В итоге Яна кое-как подстригла Гордану, изобразив некое подобие стрижки-ежика, которую нередко делают пожилые импозантные дамы. Только у Горданы волос осталось настолько мало, что сквозь них просвечивал череп.
– По-моему, неплохо вышло, – сказала Яна, стараясь не подать виду, как все ужасно. – Голова будет дышать, волосы начнут отрастать.
– Отвратительно, – пробурчала Гордана, глядя на себя в зеркало. – Урод уродом. Спасибо, деточка, удружила!
Она злобно зыркнула на Яну.
– Будь добра, выйди. Мне нужно поспать.
Девушка собрала остриженные пряди и вышла, еле сдерживая слезы. Плакать хотелось не от обиды, а от жалости. Она прекрасно понимала, что Гордана не может отвечать за свои слова, и это случается все чаще.
Иногда, когда голова не была занята бесконечными заботами о Гордане, Яна думала об Андрее. Он не давал о себе знать и, скорее всего, давно и думать забыл о ее существовании.
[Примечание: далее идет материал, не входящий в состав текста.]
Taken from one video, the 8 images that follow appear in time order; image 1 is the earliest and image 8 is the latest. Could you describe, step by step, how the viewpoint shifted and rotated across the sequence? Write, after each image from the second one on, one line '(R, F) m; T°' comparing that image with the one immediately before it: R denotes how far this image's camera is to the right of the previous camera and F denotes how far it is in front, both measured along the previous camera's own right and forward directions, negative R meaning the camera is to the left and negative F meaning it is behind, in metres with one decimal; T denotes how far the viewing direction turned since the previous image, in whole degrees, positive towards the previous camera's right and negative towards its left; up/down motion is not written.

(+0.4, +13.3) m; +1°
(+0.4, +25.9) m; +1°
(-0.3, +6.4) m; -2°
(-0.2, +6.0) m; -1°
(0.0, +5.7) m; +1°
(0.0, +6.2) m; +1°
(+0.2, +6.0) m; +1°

Через пару дней после их встречи Яна нашла нового знакомого в Фейсбуке, постучалась в друзья. Особой сетевой активностью он не отличался, в основном его посты касались работы, иногда он выставлял фотографии из мест, где бывал. Запрос Яны Андрей принял быстро, поставил ей пару лайков, но больше никак себя не проявлял. Ни звонить, ни писать ему в какой-то из мессенджеров девушка не стала: рассудила, что навязываться ни к чему.
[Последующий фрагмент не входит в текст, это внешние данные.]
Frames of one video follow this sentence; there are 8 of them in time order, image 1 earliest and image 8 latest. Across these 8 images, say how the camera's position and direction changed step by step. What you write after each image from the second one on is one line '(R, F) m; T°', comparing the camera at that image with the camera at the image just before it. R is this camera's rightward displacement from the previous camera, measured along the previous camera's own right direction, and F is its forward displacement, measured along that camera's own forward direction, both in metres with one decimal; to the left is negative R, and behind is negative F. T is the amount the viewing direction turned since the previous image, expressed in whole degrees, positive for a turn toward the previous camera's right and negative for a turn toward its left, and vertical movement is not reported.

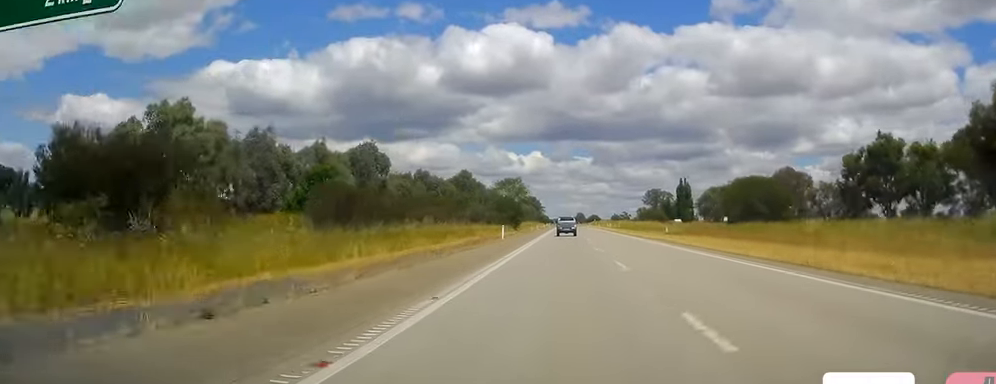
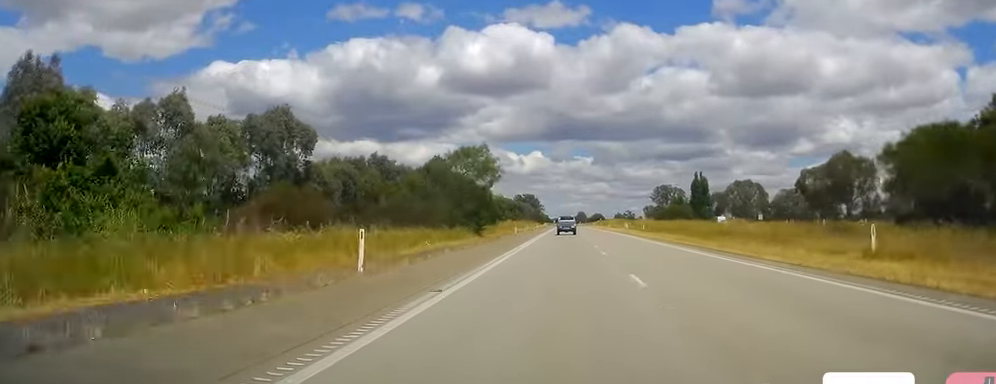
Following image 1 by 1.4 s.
(0.0, +41.2) m; 0°
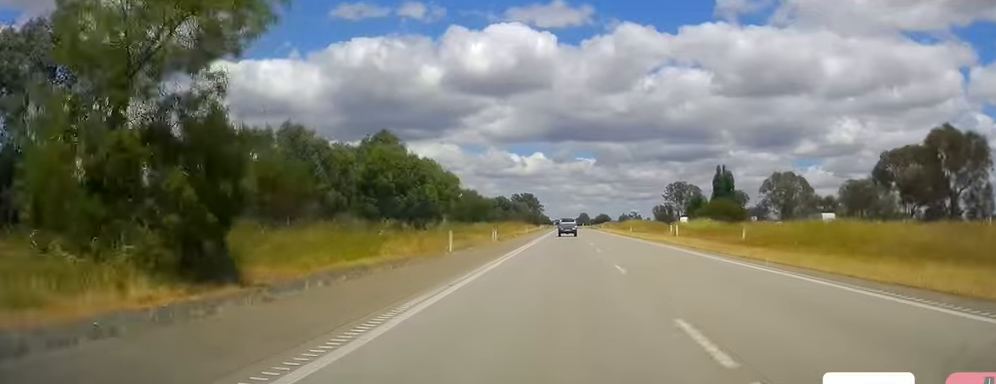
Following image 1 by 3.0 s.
(0.0, +44.1) m; 0°
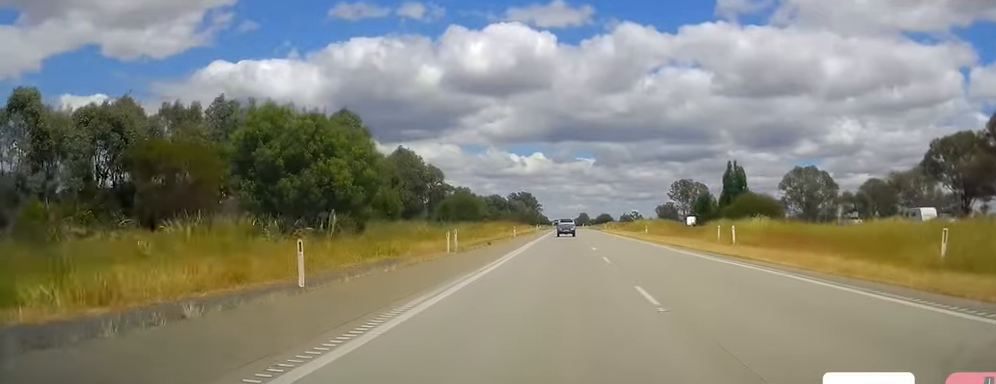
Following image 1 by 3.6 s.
(0.0, +19.2) m; 0°
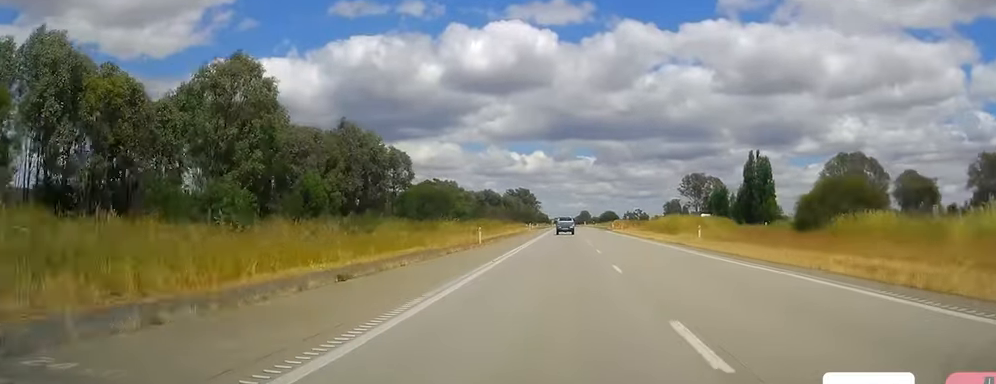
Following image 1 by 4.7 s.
(0.0, +29.8) m; 0°
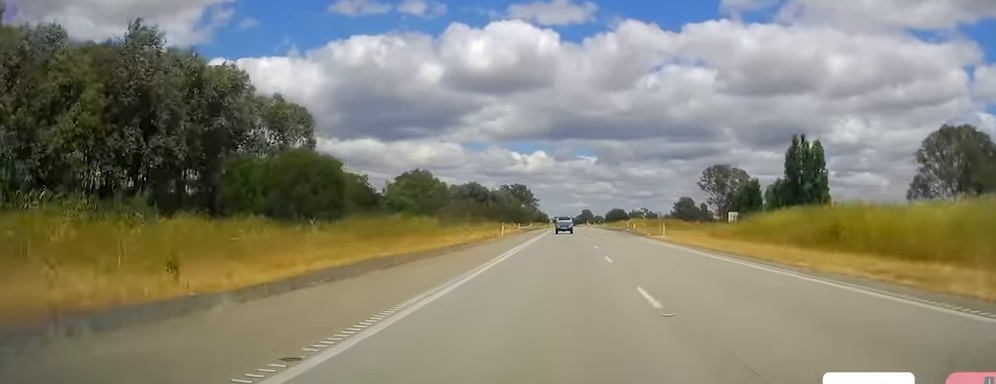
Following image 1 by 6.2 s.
(0.0, +44.2) m; 0°
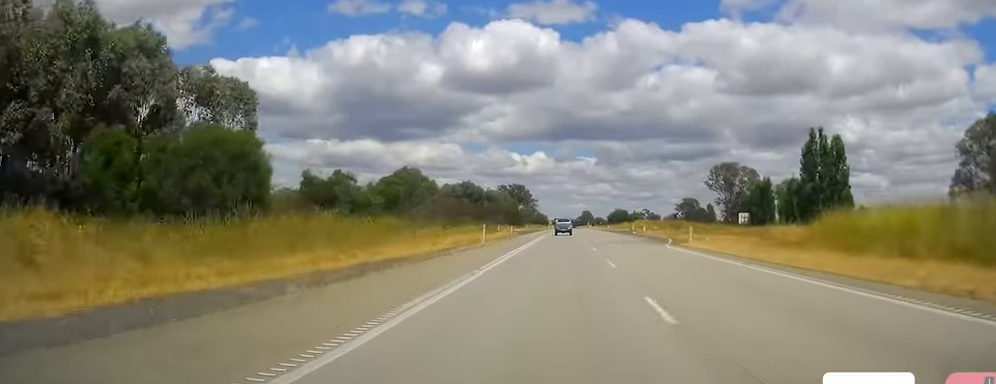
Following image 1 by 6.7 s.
(0.0, +13.4) m; 0°
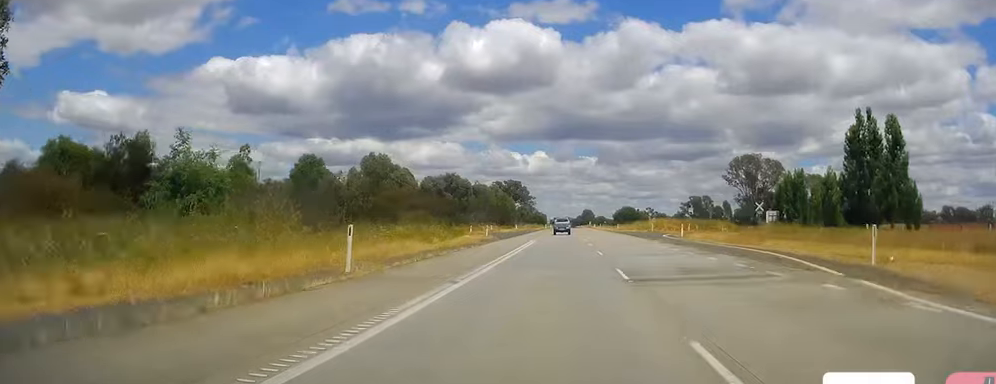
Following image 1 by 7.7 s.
(0.0, +28.8) m; 0°

Да и не до Андрея ей было. Если бы он и вздумал позвать ее на свидание, она вряд ли смогла бы надолго отлучиться. Гордану одну не оставишь.
Яна даже в Мали Зворник перестала ездить: отоваривалась в ближайшем поселке Добра Трешна, где была пара продуктовых магазинов. Происходили эти вылазки по одной схеме: Яна приезжала на такси, шла в магазин, попросив водителя подождать, по-быстрому бросала в корзину продукты по списку и возвращалась домой.
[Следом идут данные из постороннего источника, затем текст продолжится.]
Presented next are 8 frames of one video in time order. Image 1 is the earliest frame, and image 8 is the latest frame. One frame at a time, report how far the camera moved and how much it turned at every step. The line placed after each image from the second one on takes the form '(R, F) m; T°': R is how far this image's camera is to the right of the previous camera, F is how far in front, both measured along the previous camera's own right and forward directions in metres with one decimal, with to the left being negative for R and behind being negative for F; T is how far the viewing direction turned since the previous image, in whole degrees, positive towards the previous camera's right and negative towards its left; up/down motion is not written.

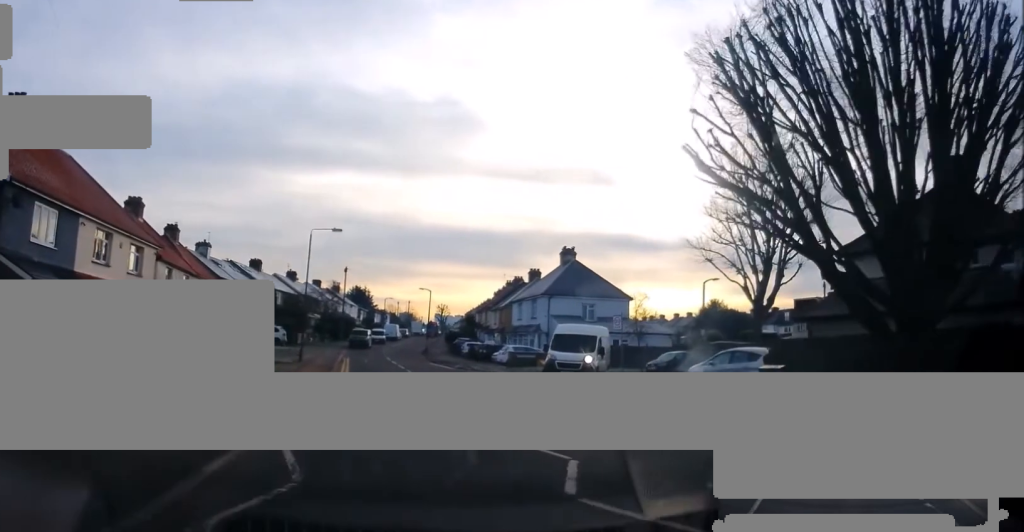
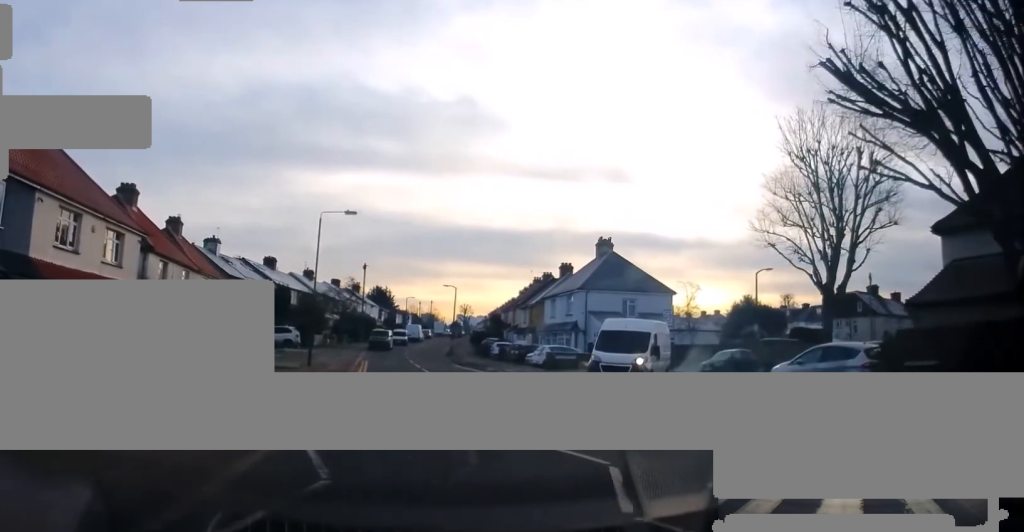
(0.0, +4.6) m; 0°
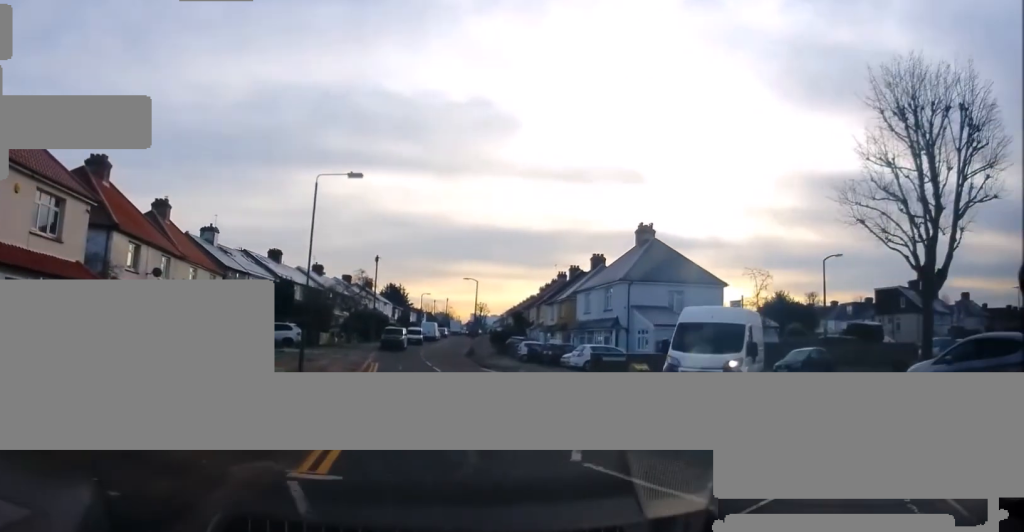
(0.0, +6.4) m; -1°
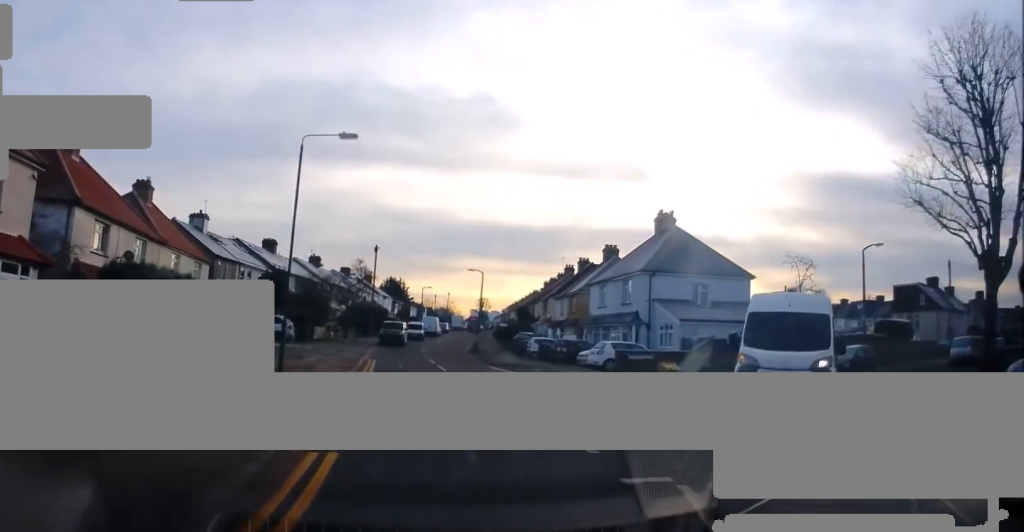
(0.0, +3.8) m; -1°
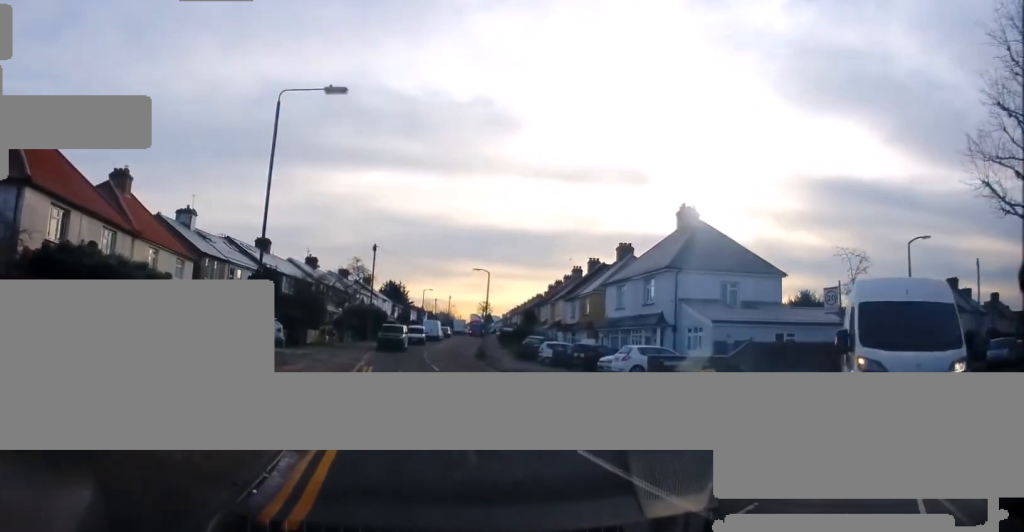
(-0.1, +3.6) m; 0°
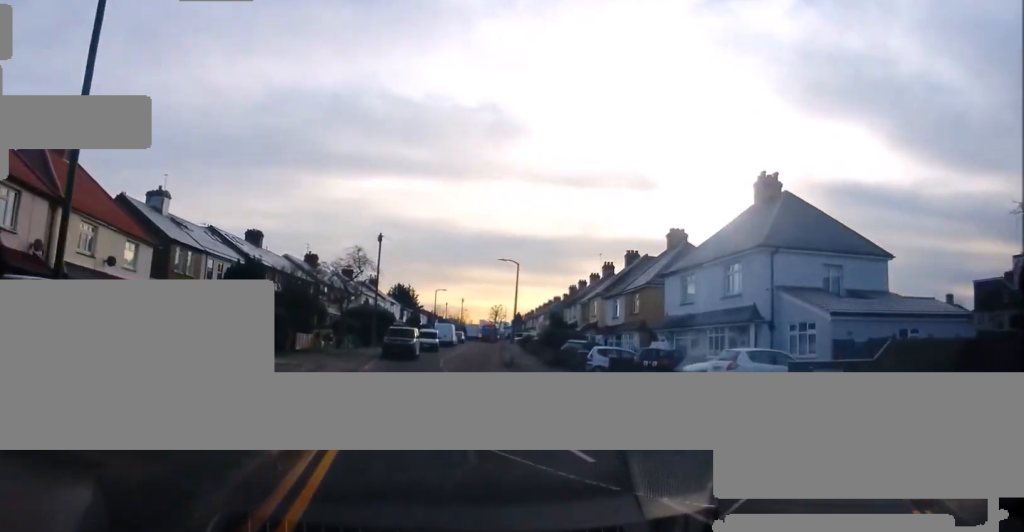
(+0.1, +9.5) m; +1°
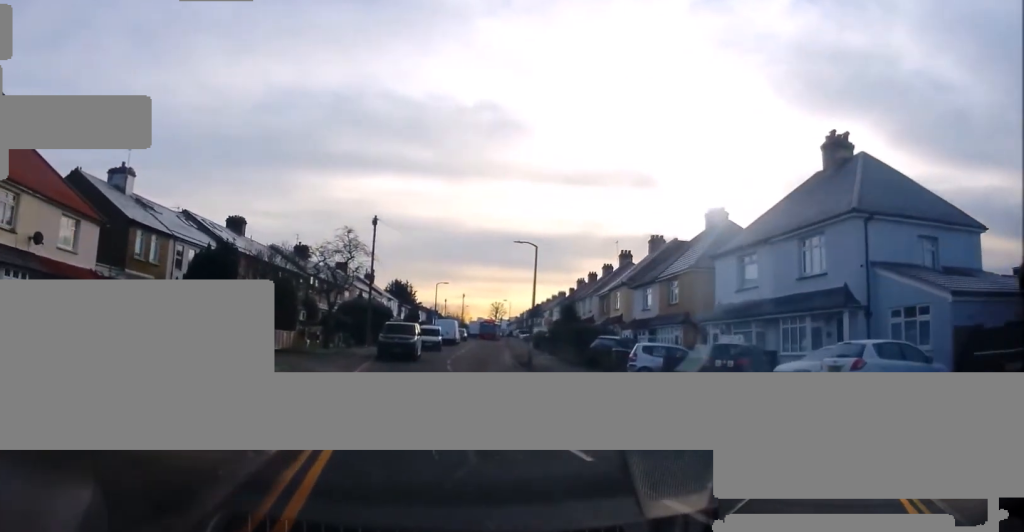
(0.0, +6.8) m; +1°
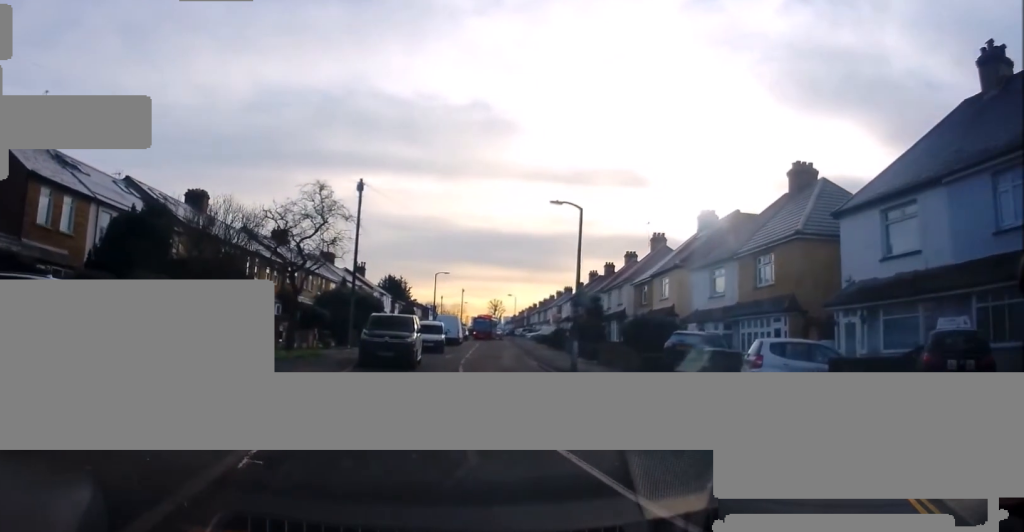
(+0.2, +10.9) m; 0°

Погода так и не наладилась. То и дело принимался лить дождь, ветер завывал так, что весь дом, казалось, дрожал и содрогался.
Доктор Милош как-то говорил, что в ветреные дни, бывает, отключается электричество. И как раз вечером того дня, когда Гордана пожелала остричь волосы, свет погас.
Гордана впала в истерику, словно ребенок, который боится чудовищ, что таятся в темноте, и Яна никак не могла ее успокоить.
– Убери! Убери темноту! – вопила Гордана, пока Яна искала и зажигала свечи. – Оно живет в темноте! Оно всегда приходит в темноте и хочет… Зажги свет! Сейчас же!
Крики ее разносились по дому, пугая Яну до смерти. С перепугу она никак не могла найти свечи: забыла, где они хранятся, хотя специально положила поближе. Потом все же нашла, но потеряла спички.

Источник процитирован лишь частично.